Akartribhava, Akartṛbhāva, Akartri-bhava: 2 definitions
Akartribhava means something in Hinduism, Sanskrit. If you want to know the exact meaning, history, etymology or English translation of this term then check out the descriptions on this page. Add your comment or reference to a book if you want to contribute to this summary article.
The Sanskrit term Akartṛbhāva can be transliterated into English as Akartrbhava or Akartribhava, using the IAST transliteration scheme (?).
Samkhya (school of philosophy)Source: Shodhganga: Prakrti and purusa in Samkhyakarika an analytical review
Akartṛbhāva (अकर्तृभाव, “non-active”) refers to “non-activeness or non-agency”:—Puruṣa is non-active because of its being anāmiśra (non-mixable), i.e. being pure consciousness in nature. The mixable objects like milk etc. (dugdhādi) are possessed of activity. Activity denotes transformation (pariṇāma). As puruṣa is anāmiśra, argues Yuktidīpikā, there is no transformation in puruṣa. Therefore, puruṣa is non-active (akartṛbhāva).

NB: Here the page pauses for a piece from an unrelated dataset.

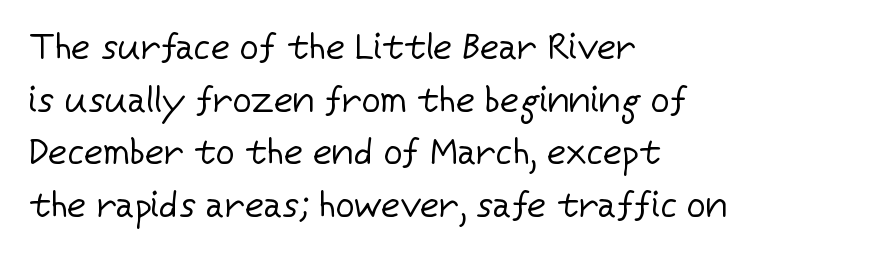
The image shows 37 px regular-weight sans-serif type, upright; set left-aligned, normal line spacing (1.42x), normal letter spacing, not underlined; low stroke contrast and a medium x-height.

Samkhya (सांख्य, Sāṃkhya) is a dualistic school of Hindu philosophy (astika) and is closeley related to the Yoga school. Samkhya philosophy accepts three pramanas (‘proofs’) only as valid means of gaining knowledge. Another important concept is their theory of evolution, revolving around prakriti (matter) and purusha (consciousness).
Languages of India and abroad
Sanskrit dictionarySource: DDSA: The practical Sanskrit-English dictionary
Akartṛbhāva (अकर्तृभाव).—the state of non-agent; द्रष्टृत्वमकर्तृ- भावश्च (draṣṭṛtvamakartṛ- bhāvaśca) | Sāṅkhya. K.19.
Derivable forms: akartṛbhāvaḥ (अकर्तृभावः).
Akartṛbhāva is a Sanskrit compound consisting of the terms akartṛ and bhāva (भाव).
Sanskrit, also spelled संस्कृतम् (saṃskṛtam), is an ancient language of India commonly seen as the grandmother of the Indo-European language family (even English!). Closely allied with Prakrit and Pali, Sanskrit is more exhaustive in both grammar and terms and has the most extensive collection of literature in the world, greatly surpassing its sister-languages Greek and Latin.